Tuesday, October 04, 2005
# Posted 8:54 AM by Patrick Belton
MAIL BAG 1 - PATRICK, YOU TURKEY: I've been eager to support the accession of Turkey to the EU on this blog, believing it as I do to be the correct course for reasons both of principle (viz
, taking a stand Europe is more about liberal democracy than it is about either race or religion; rewarding and encouraging a speedily reforming Muslim-majority democracy which passes the 'Roman ruins test') and pragmatic considerations of policy (e.g.,
Turkish contributions to the labour markets and pension funds of a greying Europe). A friend and reader of ours, Mathieu Vasseur, a bonafide Frenchie, writes in with a witty and well-rendered set of counterarguments to represent the other side of the question. I still hold to my support for Turkey, but yield for equal time to my right honourable friend from la France:
Tu quoque, you are jumping on the Turkey-in-Europe bandwagon!
I find it extraordinary that, 3 months after our political leaders admirably faked humility and said, for the umpteenth time that, from now on, "we have to listen to the people, we cannot make Europe against their will" etc., they go on with a policy that is fervently opposed by an overwhelming majority of the Europeans. And nobody can pretend that it is "too difficult to be properly understood by the people", this time, since the question is quite simple. A great gift to Eursoskeptics I must say.
The EU is a club. Any club can choose its members. Nobody has offered to sponsor me for membership of the Rotary Club, so I am not a member of it. That is their right. Likewise, France is not a member of the Commonwealth. That is OK too. On the other side, the UK has not been offered membership of "la Francophonie". Fine. If you want to start a silk-painting group, you will choose who may belong to it. So what is wrong with telling Turkey: "sorry, you are very nice, but we don't think that you would quite fit in"? That would make us a "Christian club"? OK, so what? I am not allowed to visit the Mecca, since I am not a Muslim, and I completely respect that.

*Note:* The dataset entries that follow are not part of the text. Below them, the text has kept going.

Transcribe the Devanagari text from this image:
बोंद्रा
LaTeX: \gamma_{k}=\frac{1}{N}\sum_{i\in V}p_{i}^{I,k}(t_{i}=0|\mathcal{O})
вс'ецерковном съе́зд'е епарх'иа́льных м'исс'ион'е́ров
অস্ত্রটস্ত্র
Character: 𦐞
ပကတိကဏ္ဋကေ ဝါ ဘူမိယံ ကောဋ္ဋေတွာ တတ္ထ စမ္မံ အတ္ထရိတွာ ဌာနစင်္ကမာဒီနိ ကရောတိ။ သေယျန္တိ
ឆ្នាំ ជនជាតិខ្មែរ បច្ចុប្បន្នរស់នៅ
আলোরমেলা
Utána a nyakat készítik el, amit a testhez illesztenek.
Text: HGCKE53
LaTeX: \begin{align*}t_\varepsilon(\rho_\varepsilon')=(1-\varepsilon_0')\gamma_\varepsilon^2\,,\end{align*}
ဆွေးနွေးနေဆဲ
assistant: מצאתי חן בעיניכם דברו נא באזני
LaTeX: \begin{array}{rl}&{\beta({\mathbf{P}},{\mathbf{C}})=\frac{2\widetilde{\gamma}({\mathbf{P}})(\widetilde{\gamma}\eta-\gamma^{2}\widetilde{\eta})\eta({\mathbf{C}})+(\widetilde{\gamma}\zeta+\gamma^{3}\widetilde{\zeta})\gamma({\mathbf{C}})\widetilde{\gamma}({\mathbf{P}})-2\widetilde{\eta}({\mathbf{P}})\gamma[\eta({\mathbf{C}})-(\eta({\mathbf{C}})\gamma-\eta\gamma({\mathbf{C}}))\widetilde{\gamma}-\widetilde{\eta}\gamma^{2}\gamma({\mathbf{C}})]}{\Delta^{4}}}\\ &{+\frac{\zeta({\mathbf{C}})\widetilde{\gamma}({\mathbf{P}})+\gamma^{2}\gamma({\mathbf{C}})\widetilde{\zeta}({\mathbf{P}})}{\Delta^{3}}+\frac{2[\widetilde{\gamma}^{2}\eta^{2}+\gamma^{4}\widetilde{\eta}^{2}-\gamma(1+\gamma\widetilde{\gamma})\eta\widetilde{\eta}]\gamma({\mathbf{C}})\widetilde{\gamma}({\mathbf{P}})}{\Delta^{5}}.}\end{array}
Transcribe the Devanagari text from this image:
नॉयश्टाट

As for the argument that "Turkey would provide a sharply greying Europe with a massive infusion of cheap, young labour which it desperately needs": frankly, let's be honest, I don't think that a massive Muslim immigration would be quite advisable, do you? Try polling the French, the Germans, the Dutch or the Belgians and ask them if they want it, and prepare to be pelted with tomatoes. A great gift for all European Le Pens out there. Anyway, if we do want mass Muslim immigration, we can get it very easily, we don't need to have Turkey in Europe. As a Frenchman, I am quite sure that France could easily get 3 or 4 million immigrants per year just by opening its borders, if that is what we want (we don't!!!). Moroccans died recently, because they were desperately trying to get into Spain. There is no shortage of willing candidates, don't you worry. Anyway, if mass immigration is what our leaders want, let them say so! Come on, Mr Chirac, please go on TV and say it!

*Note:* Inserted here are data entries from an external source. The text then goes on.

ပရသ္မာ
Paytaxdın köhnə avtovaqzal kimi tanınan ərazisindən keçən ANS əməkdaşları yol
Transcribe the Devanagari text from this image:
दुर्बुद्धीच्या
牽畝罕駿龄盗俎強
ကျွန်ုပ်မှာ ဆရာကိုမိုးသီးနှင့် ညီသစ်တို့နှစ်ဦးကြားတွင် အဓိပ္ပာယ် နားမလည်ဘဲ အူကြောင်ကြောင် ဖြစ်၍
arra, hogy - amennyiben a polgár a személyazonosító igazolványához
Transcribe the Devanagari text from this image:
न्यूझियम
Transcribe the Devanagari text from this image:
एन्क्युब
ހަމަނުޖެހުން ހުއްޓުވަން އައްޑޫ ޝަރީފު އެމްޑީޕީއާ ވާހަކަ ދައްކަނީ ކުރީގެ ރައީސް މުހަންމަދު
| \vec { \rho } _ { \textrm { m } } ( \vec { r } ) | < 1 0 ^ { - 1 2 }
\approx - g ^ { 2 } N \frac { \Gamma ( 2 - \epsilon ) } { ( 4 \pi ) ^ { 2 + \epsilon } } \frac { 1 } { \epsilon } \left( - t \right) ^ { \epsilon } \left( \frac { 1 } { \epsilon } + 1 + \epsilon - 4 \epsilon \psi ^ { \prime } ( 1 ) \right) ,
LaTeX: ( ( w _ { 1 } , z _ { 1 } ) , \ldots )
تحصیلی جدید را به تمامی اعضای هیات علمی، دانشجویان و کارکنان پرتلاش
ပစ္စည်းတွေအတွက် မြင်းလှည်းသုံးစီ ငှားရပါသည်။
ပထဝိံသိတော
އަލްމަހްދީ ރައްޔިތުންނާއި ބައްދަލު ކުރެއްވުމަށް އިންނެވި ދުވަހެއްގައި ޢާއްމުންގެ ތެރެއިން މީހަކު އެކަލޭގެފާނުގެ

Then you hear the argument that "Turkey has made great progress, it is liberal and secular" etc. Great, until you hear the same people warning you darkly that "if we turn our backs on Turkey, they risk becoming preys to Muslim fundamentalism". So, not so liberal after all, if all that keeps them on the "right" path is the EU carrot, as opposed to their own inclination? Or we hear that they made such efforts to liberalise and democratise, it would be unfair to spurn them now. If liberalism and democracy are such a burden for them, then I am worried. Freedom should be its own reward, if the EU has helped them reaching it already, they should be grateful to us, not consider that we "owe" them somehow.
When Erdogan proposed to criminalize adultery, he was apparently supported by 80% of the population. Well, can you imagine France without adultery? The economy is gloomy enough, please let us retain a few pleasures!

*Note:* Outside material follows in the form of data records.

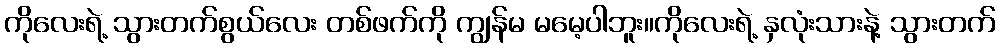
ကိုလေးရဲ့ သွားတက်စွယ်လေး တစ်ဖက်ကို ကျွန်မ မမေ့ပါဘူး။ကိုလေးရဲ့ နှလုံးသားနဲ့ သွားတက်
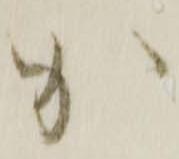
加
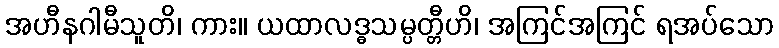
အဟီနဂါမီသူတိ၊ ကား။ ယထာလဒ္ဓသမ္ပတ္တီဟိ၊ အကြင်အကြင် ရအပ်သော
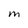
Character: M
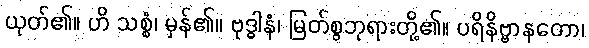
ယုတ်၏။ ဟိ သစ္စံ၊ မှန်၏။ ဗုဒ္ဓါနံ၊ မြတ်စွဘုရားတို့၏။ ပရိနိဗ္ဗာနတော၊
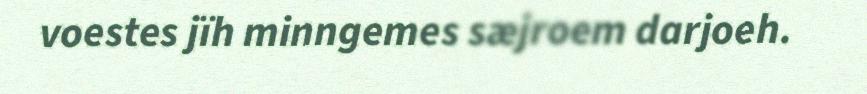
voestes jïh minngemes sæjroem darjoeh.
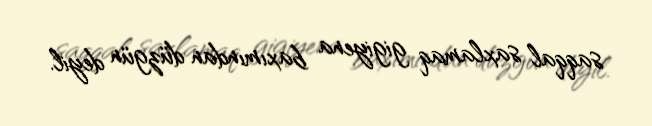
saqqal saxlamaq gigiyena baxımından düzgün deyil.
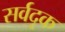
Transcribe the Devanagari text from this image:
सर्वदृक
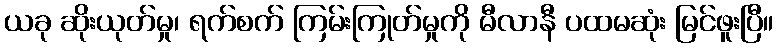
ယခု ဆိုးယုတ်မှု၊ ရက်စက် ကြမ်းကြုတ်မှုကို မီလာနီ ပထမဆုံး မြင်ဖူးပြီ။
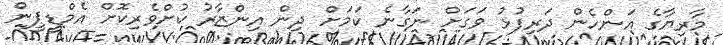
މާރިޔާގެ އަންހެން ދަރިފުޅު ވަގަށް ނަގާނެ ކަމަށް ދިން އިންޒާރު ކުށްވެރިކޮށް އެމްޑީޕީން
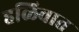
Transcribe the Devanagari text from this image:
हळिवात
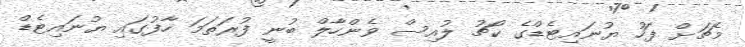
މެޗަށް ފަހު ޔުނައިޓެޑްގެ ކޯޗު ލުއިސް ވެންހާލް ބުނީ ފުރަތަމަ ހާފުގައި ޔުނައިޓެޑް
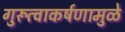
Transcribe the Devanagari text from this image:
गुरूत्वाकर्षणामुळे
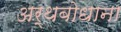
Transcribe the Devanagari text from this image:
अर्थबोधाना

I am all in favour of free trade and good relationships with Turkey, but sharing supranationality with it, which means accepting that they will have a say in our internal matters (especially since they will be the biggest member), quite frankly, no. Would Americans accept to pool sovereignty with Mexico? E.g. 3 out of 9 Supremes would be named by Mexico [does that mean I'd get Gonazales? put me down for that one! sorry, i'm interrupting my right honourable friend, i yield back - ed.], social law would have to be decided in common, foreign policy would be pooled etc.? So why can't they bloody well let us, Europeans, decide who we want to pool sovereignty with?
Turkey's accession to the negotiating table is a perfect example of the cowardliness and the dodging of accountability that comes from committee decision. Everybody hopes that the negotiations will fail, politicians make commitments on the basis that it is their successors who will have to honour them, by which time of course these successors will claim that it is too late to renege, the people seethe with anger, democracy is trampled upon and Europe falls into contempt. And all the time, the self-proclaimed elite arrogantly proclaims, based on spurious and half-baked arguments, that they represent reason and enlightenment, and all their opponents are "populists" who rely upon "fear" and "ignorance".
As Maggie once said, in a different context: "No, no, no".